He keeps popping up.
I should have been prepared for this. Steeled. Resolved. Ready.
These coffee dates inevitably ask the same question. “So, did you meet anyone in Colorado?” How do I tell the truth without rehashing the painful year of memories? Again, another consequence of my friendationship. I don’t have a clear cut answer. I can’t say, yes, I dated a boy I wanted to marry. But I also can’t say no, I didn’t meet anyone in Colorado.
Because I met someone. Even though he ended up not being my forever someone, he was someone. And I’m not entirely sure how to tell the story of us. Or the me and him because could I even call us an us? The failings of messy lines and blurred boundaries.
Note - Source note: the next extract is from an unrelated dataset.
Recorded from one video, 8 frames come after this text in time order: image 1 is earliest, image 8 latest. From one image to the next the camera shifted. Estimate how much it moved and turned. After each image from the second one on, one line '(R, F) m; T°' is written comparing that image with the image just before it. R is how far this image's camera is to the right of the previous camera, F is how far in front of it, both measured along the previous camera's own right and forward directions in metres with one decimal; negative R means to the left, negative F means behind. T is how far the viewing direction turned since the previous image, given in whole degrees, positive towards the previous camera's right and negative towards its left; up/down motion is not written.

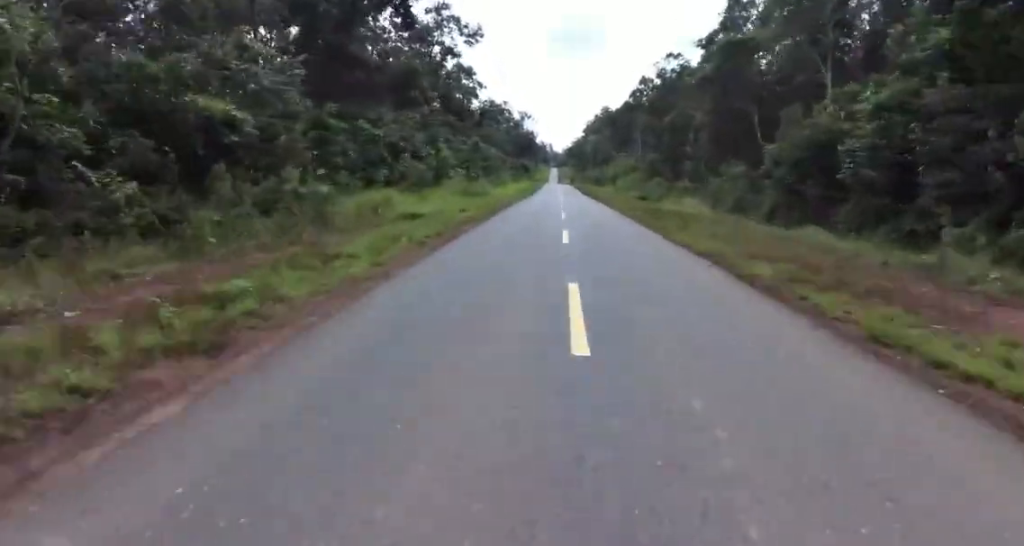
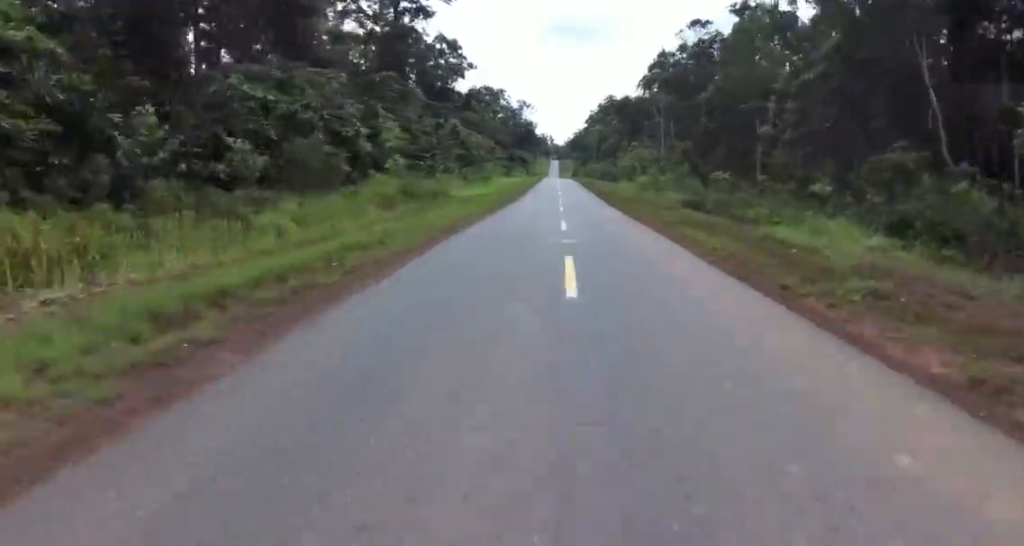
(+0.2, +22.4) m; 0°
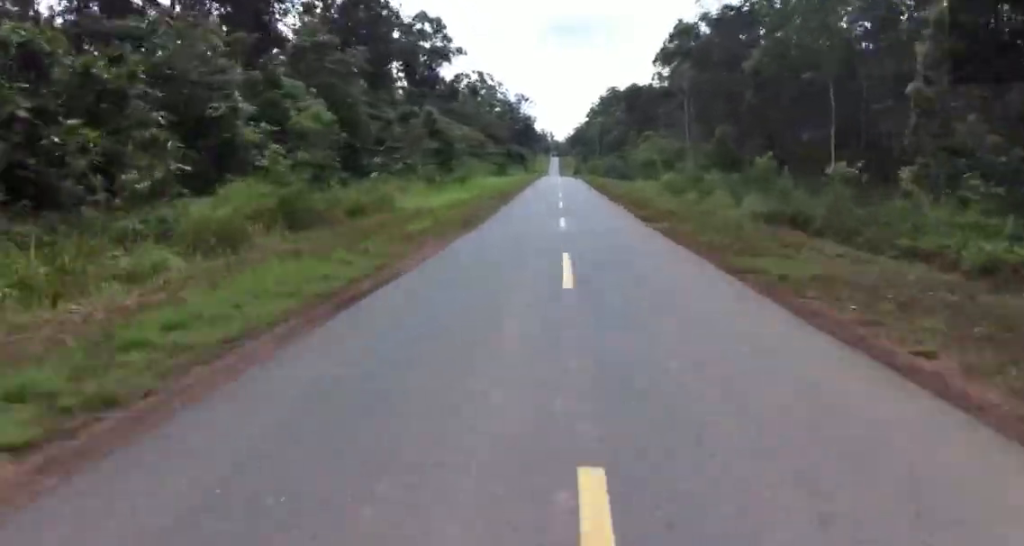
(-0.2, +15.4) m; -1°
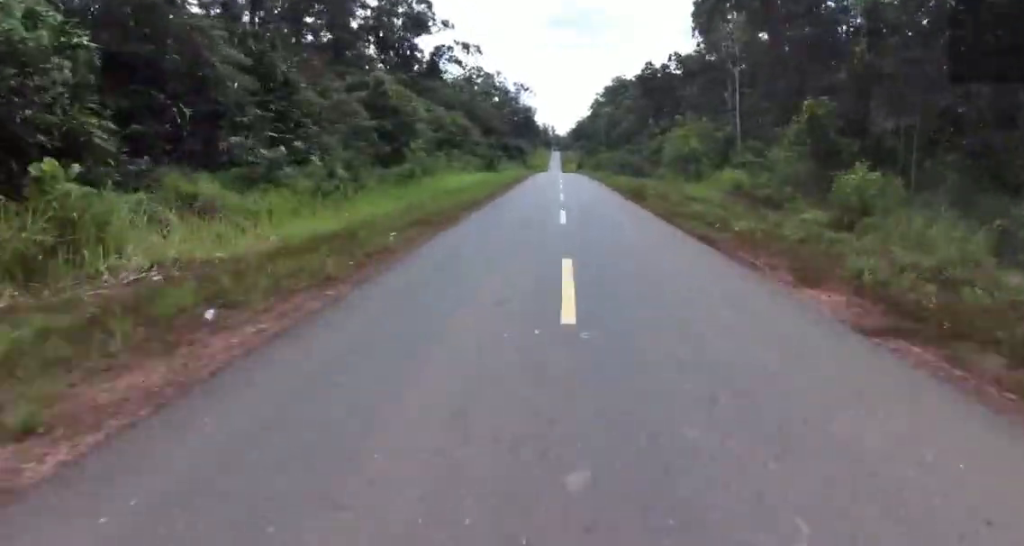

So I pick certain pieces to tell different people occasionally allowing some of the pain to leak out. I don’t miss him. I don’t want him. I miss it. I miss having a him in my life. I miss 3am conversations and surprise Starbucks treats. But again, I don’t miss him. I guess I miss the idea of him. Who I hoped he would be in my life.
The loneliness of being alone is sometimes overwhelming. It’s not necessarily a need for completion or this insane striving for someone to make it better. It’s a loneliness of a solo journey. It’s the loneliness of not sharing the load, of not having someone to rejoice or weep over my circumstances. Papa is enough. He always is enough. Of that I’m certain.
But sometimes, in the middle of the night, or the quiet of the day, I bump into my familiar companion of singularity. The me and not we. And I know on a scale of terrible things, this is so very small. But it feels so very big at times. It threatens to swallow me whole.
The ache for my best friend. The ache for a future together. The ache for that look and a hand to reach for mine when we walk down the street. The ache for laughter and tears. The ache of an empty bed and empty arms.
It’s an ache I’ve never quite known how to silence. It stopped screaming and started whispering. Quieter and quieter with each passing year, although growing in intensity. Funny how that works huh? The most painful things can often make us the quietest. Almost like if we utter a noise, it will all come tumbling out and we’ll fall apart.
If I let let one tear fall, I’m afraid they’ll never stop.